Socket_id打印出來是1,這個是後續問題推斷的一個重要線索,意思是在numa node1節點上申請內存。
順着這個線索往前推,看看到底爲什麼沒有分配到內存。
問題出現在dpdk_mp_create函數,先看看代碼都有哪幾種情形返回NULL。
用gdb跟蹤了一下發問題出現在調用rte_mempool_create函數返回值是NULL。且rte_mempool_create函數是dpdk的lib庫函數,ovs調用此函數創建內存池。定位到此處發現如果再繼續定位下去需要查看dpdk的代碼,沒辦法只能繼續。
問題跟蹤到dpdk的代碼進度是越來越慢,因爲跟蹤的這一路是dpdk的內存管理流程,代碼很難啃。繼續跟蹤rte_mempool_create函數。
函數調用流程如下:
rte_mempool_create
-> rte_mempool_create_empty
->rte_memzone_reserve
->rte_memzone_reserve_thread_safe
->memzone_reserve_aligned_thread_unsafe
->malloc_heap_alloc
->find_suitable_element
最後跟蹤到find_suitable_element函數,此函數的功能是dpdk的內存管理malloc申請堆內存時,首先查看空閒鏈表是否有空閒的內存塊,如果有空閒內存塊則返回空閒節點的地址,如果沒有返回NULL。
函數如下:
static struct malloc_elem *
find_suitable_element(struct malloc_heap *heap, size_t size,
unsigned flags, size_t align, size_t bound)
{
size_t idx;
struct malloc_elem *elem, *alt_elem = NULL;
for (idx = malloc_elem_free_list_index(size);
idx < RTE_HEAP_NUM_FREELISTS; idx++) {
for (elem = LIST_FIRST(&heap->free_head[idx]);
!!elem; elem = LIST_NEXT(elem, free_list)) {
if (malloc_elem_can_hold(elem, size, align, bound)) {
if (check_hugepage_sz(flags, elem->ms->hugepage_sz))
return elem;
if (alt_elem == NULL)
alt_elem = elem;
}
}
}
if ((alt_elem != NULL) && (flags & RTE_MEMZONE_SIZE_HINT_ONLY))
return alt_elem;
return NULL;
}
此內存管理的空閒鏈表是按照socket-id進行區分的,因爲ovs調用dpdk接口時已經傳入參數socket-id爲1,heap->free_head[idx]是socket-id爲1空閒鏈表的頭節點。

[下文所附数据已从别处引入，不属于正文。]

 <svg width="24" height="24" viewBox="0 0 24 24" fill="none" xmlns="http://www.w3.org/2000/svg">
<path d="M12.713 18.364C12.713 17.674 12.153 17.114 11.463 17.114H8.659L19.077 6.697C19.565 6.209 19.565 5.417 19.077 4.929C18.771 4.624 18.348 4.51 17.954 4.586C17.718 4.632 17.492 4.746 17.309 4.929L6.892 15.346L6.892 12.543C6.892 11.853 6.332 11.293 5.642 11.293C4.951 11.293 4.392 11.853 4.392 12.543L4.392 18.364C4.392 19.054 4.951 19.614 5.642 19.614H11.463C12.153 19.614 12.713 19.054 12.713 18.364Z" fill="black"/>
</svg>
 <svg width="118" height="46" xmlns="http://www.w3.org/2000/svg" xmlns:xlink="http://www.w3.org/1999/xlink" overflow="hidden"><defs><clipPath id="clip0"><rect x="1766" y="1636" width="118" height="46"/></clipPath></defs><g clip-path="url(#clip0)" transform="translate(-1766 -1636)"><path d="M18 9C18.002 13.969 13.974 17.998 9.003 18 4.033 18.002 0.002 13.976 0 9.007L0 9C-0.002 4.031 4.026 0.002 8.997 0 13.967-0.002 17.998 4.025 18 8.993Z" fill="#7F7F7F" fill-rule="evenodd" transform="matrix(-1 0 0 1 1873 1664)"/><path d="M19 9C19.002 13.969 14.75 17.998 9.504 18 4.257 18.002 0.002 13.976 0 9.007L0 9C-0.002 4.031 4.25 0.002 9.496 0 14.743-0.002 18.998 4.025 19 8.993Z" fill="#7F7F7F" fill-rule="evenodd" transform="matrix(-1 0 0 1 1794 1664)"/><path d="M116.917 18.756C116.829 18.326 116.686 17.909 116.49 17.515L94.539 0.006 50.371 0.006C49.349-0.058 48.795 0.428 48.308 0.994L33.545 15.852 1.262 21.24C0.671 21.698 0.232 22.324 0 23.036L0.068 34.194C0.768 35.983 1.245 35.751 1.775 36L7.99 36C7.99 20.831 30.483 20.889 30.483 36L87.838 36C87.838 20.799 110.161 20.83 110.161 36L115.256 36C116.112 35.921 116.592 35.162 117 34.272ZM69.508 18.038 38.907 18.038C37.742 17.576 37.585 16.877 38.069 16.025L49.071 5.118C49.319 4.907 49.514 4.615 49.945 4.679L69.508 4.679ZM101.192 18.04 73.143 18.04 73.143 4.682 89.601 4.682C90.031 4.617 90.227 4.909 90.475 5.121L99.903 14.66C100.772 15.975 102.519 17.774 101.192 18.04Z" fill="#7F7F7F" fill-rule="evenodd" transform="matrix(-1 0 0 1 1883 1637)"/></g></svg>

繼續往下查空閒鏈表爲什麼是空,只能分析下空閒鏈表是怎麼初始化的。搜索了一下dpdk代碼發現了空閒鏈表的插入函數:malloc_elem_free_list_insert
用gdb跟蹤下此函數的調用棧如下:
Main->bridge_run->dpdk_init->dpdk_init__
->rte_eal_init->rte_eal_memzone_init->rte_eal_malloc_heap_init
->malloc_heap_add_memseg->malloc_elem_free_list_insert
函數調用到rte_eal_init就進入了dpdk的lib庫,此函數之前是ovs的ovs-vswitchd進程函數,順着這個調用流程往前推。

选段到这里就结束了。